Reading lists contain primary data (cannot be regenerated from other sources and losing it would have a major UX impact), and data needs to be fetched based on criteria other than the id (e.g. all lists containing a given page, all entries which have changed after a given date) so MariaDB will be used:

reading_list table:

  • rl_id
  • rl_user_id: central ID of the user
  • rl_is_default: flag to tell apart the initial list from the rest, for UX purposes and to forbid deleting it
  • rl_name: human-readable name, non-unique
  • rl_description
  • various other metadata: color, image, icon (TBD: should these be in a separate key-value table to make adding/removing metadata types easier?)
  • rl_date_created
  • rl_date_updated
  • rl_deleted (we need soft-delete for sync)
  • indexes: (rl_user_id, rl_date_updated) for the /since/ route, (rl_user_id, rl_deleted) for getting all

reading_list_entry table:

  • rle_id
  • rle_list_id
  • rl_user_id: central ID of the user (denormalized for the benefit of the /pages/ route)
  • rle_project: wiki project domain (TBD: use a lookup table / some other way of compression?)
  • rle_title: page title (can't easily use page ids due to the cross-wiki nature of the project.
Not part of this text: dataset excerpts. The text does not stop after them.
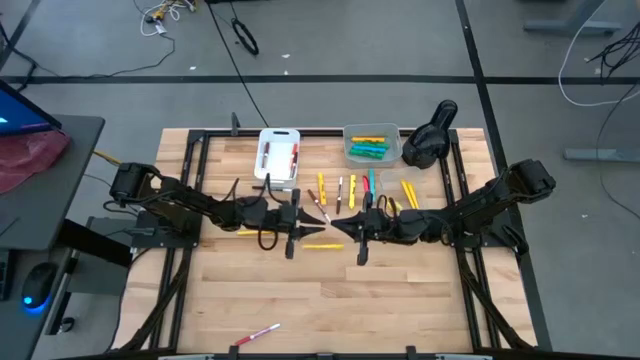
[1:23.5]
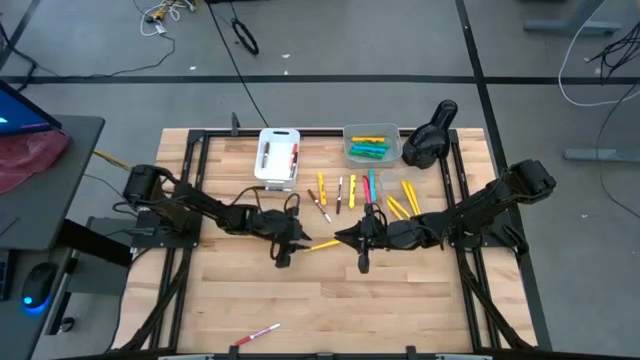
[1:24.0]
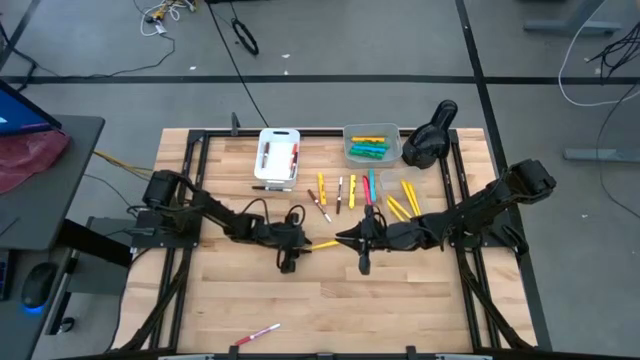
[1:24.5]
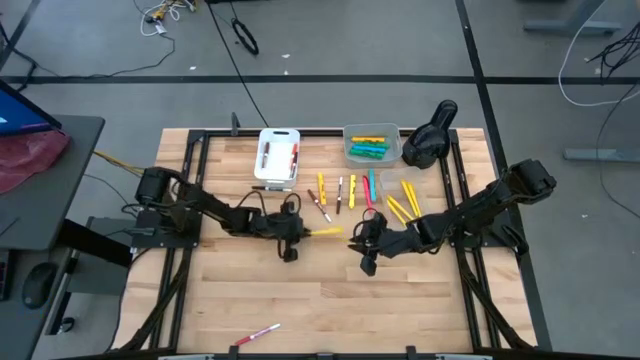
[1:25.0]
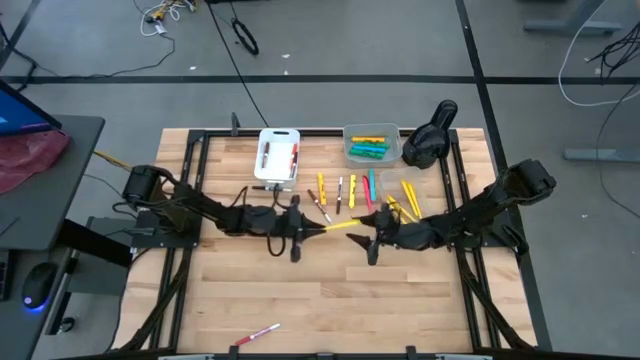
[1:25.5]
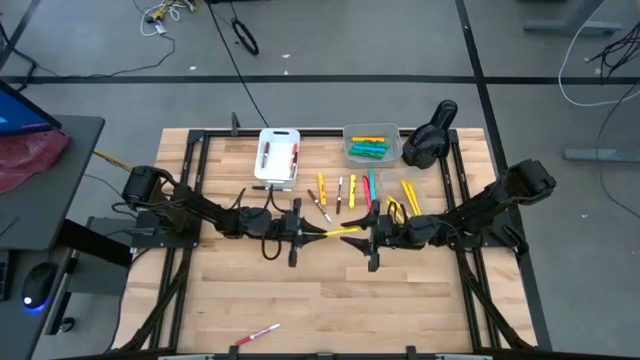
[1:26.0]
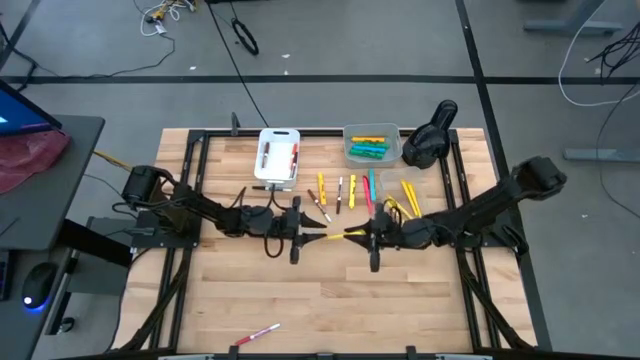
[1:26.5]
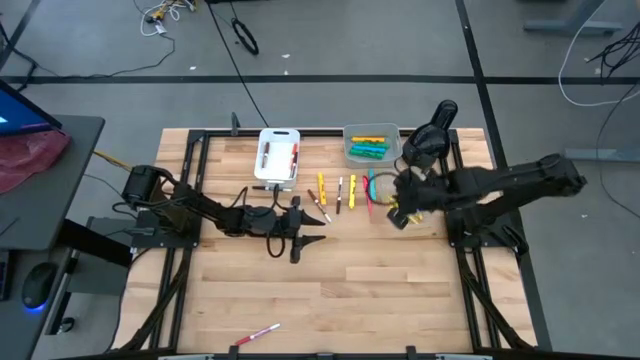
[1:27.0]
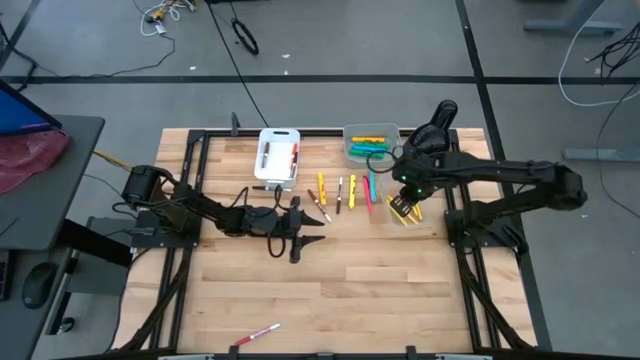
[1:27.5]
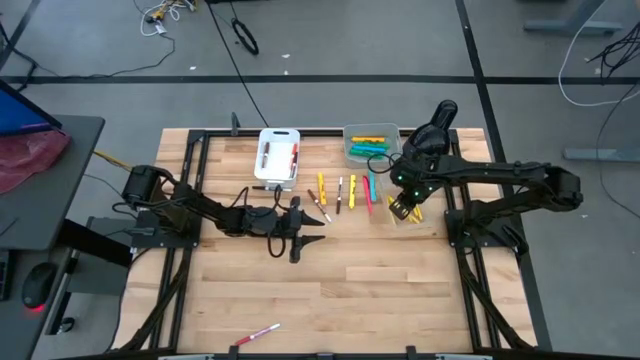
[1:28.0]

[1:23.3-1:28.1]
Put the yellow pen into the transparent bin

Also, page ids don't age well when content is deleted/moved.)
  • rle_date_created
  • rle_date_updated
  • rle_deleted
  • indexes: (rle_list_id, rle_date_updated) for the /since/ route and all entries in a list, (rle_user_id, rle_project, rle_title) for the /pages/ route

reading_list_sort_index table:

  • rlsi_rl_id
  • rlsi_index
  • indexes: (rlsi_index)

Deleted lists / entries will be purged by a periodic job when they are older than X days (so that other devices have time to sync the deletion).

TBD: are all the indexes worth it? We don't expect a single user to have lots of lists / a single list lots of items

Schedule and cross-dependencies

Q4: set up an MVP on the beta cluster.
Dependencies: Services and Tech Ops for consulting, Security for review,

Q1: integrate with apps, deploy to production. Add download sizes (will be handled by the page summary API).
Dependencies: Android/iOS for testing and iterating, Services for download sizes.
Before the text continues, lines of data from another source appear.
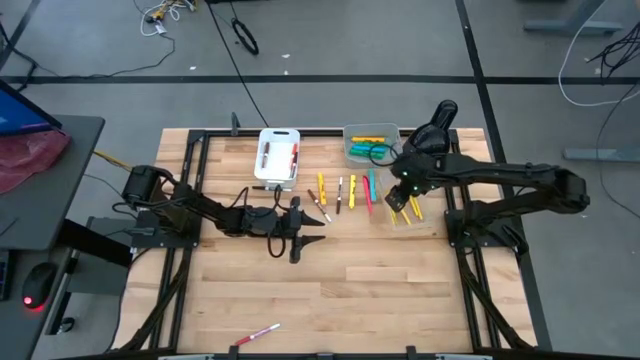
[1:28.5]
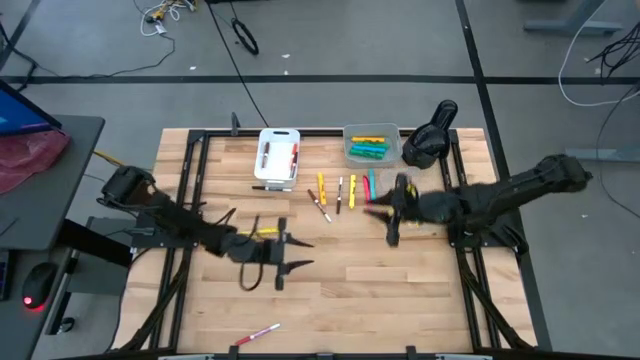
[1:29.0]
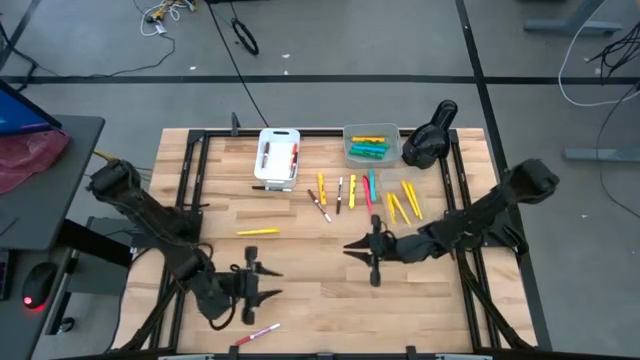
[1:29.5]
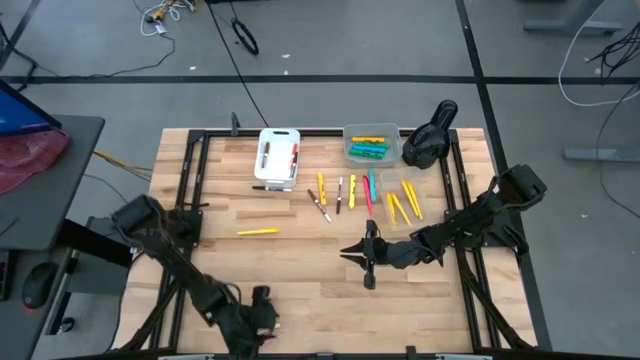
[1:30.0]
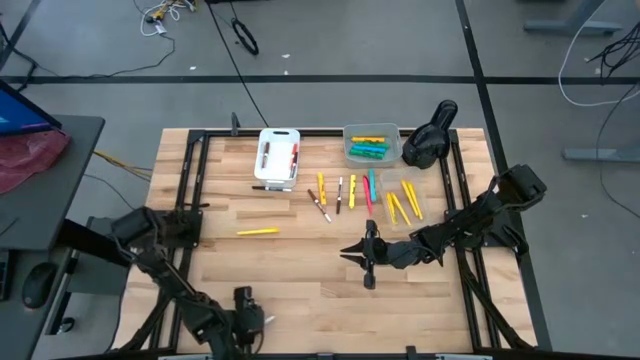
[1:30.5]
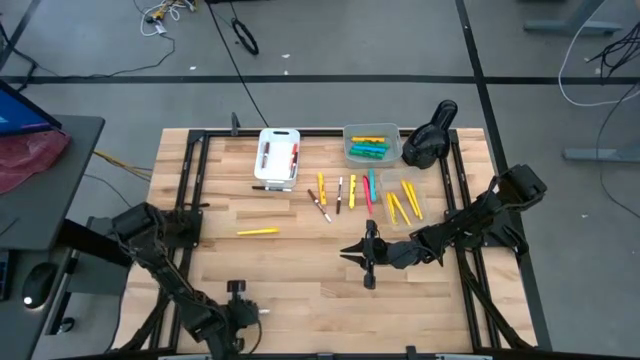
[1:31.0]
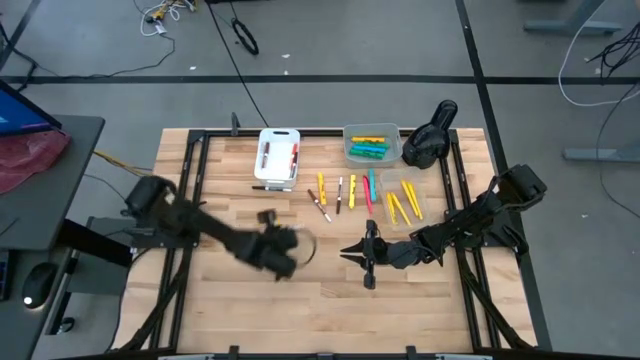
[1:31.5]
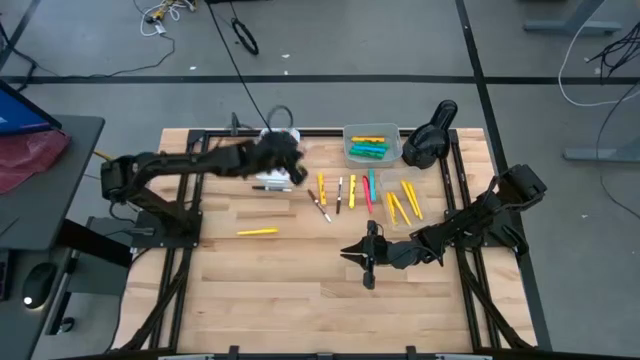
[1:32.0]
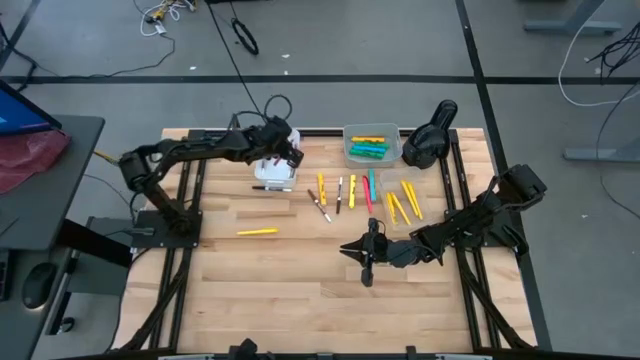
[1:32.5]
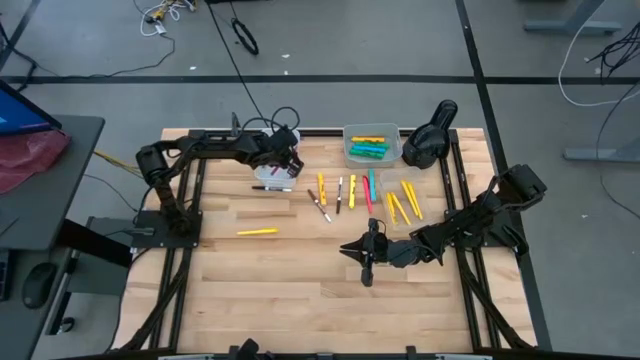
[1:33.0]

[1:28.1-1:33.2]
Put the pink marker pen into the white bin

Q2: improve app integration, add search.
Dependencies: Discovery (Backend) for figuring out search (possibly on multiple wikis, in a limited set of pages). Android/iOS for continued iteration.

Usage projections

Android has a similar feature (except you don't need to be logged in), used by 10% of users. That results in 1500 list write operations per hour (the peak is around 2500). There are 6M Android users a month, and <1M iOS users. There are about 300K active logged-in web users a month on enwiki (counting user_touched - not very reliable since we have extended login durations to a year), and the churn for that group is nearly 100%. Enwiki tends to be about half of everything.
Put together, that suggests somewhere around 0.1 writes/sec (maybe add a magnitude to that in case throngs of readers register to use the new feature - this will be the first time we heavily promote registration to readers).

Syncing is done via a push model, so read volume should be below write volume.
TBD - apps store lists locally and will only use the API occasionally, for syncing. Can web do that? Otherwise, we might have way more reads.

Average number of pages per user is ~25 on Android, so assuming usage level is same across all device types and login rate does not grow exponentially, we can expect ~2.5M rows to be actively used at one time. Assuming 100% user churn and 200 byte per row that's 6GB storage space every year. (Keep in mind this is a very handwavy guesstimate as we have no way to know what fraction of users will actually use lists / how many readers will register an account just because of this.)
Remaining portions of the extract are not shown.